* **TASK**
Pull out every line below that holds the word "clear".

* **COLLECTED MATERIAL**
==*==

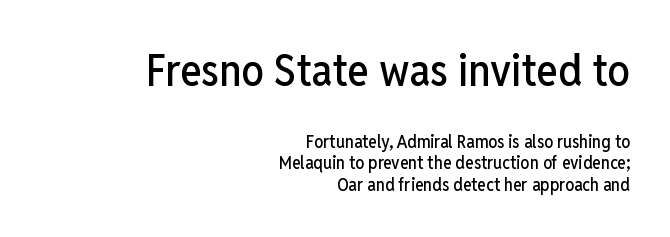
The letterforms sit shoulder to shoulder at normal distance. Posture: vertical. Is the block centered? No — it sits flush against the right margin. Words float on clear page, feet unadorned.
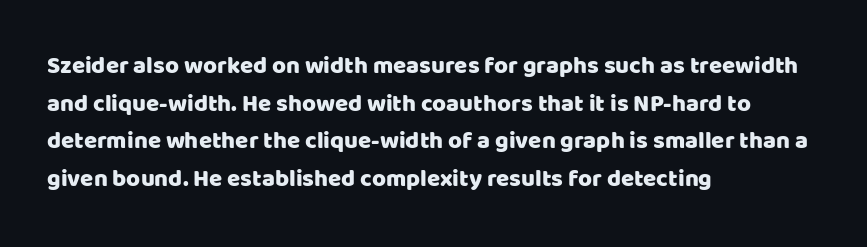
Students, observe: this is what conventionally led text looks like. When letters stand straight like this, we call the style roman or upright. Horizontally, the lines are justified to the leading edge only. The type is set solid horizontally, with unmodified tracking. The baseline area is clear.
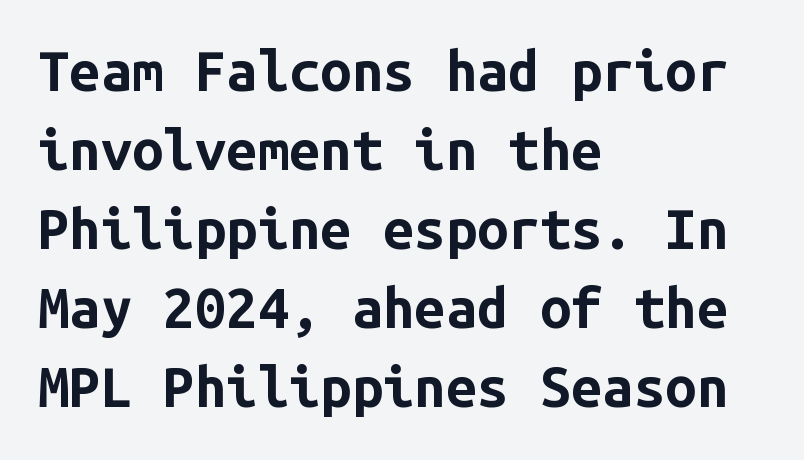
{"serif": "no", "italic": "no", "bold": "yes", "weight": "bold", "width": "normal", "stroke_contrast": "low", "x_height": "medium", "monospaced": "yes", "underline": "no", "align": "left", "line_spacing": "normal", "line_spacing_ratio": 1.41, "letter_spacing": "normal", "letter_spacing_em": 0.0, "glyph_px": 56}

==*==

* **SOLUTION FOR THIS PROBLEM**
The letterforms sit shoulder to shoulder at normal distance. Posture: vertical. Is the block centered? No — it sits flush against the right margin. Words float on clear page, feet unadorned.
Students, observe: this is what conventionally led text looks like. When letters stand straight like this, we call the style roman or upright. Horizontally, the lines are justified to the leading edge only. The type is set solid horizontally, with unmodified tracking. The baseline area is clear.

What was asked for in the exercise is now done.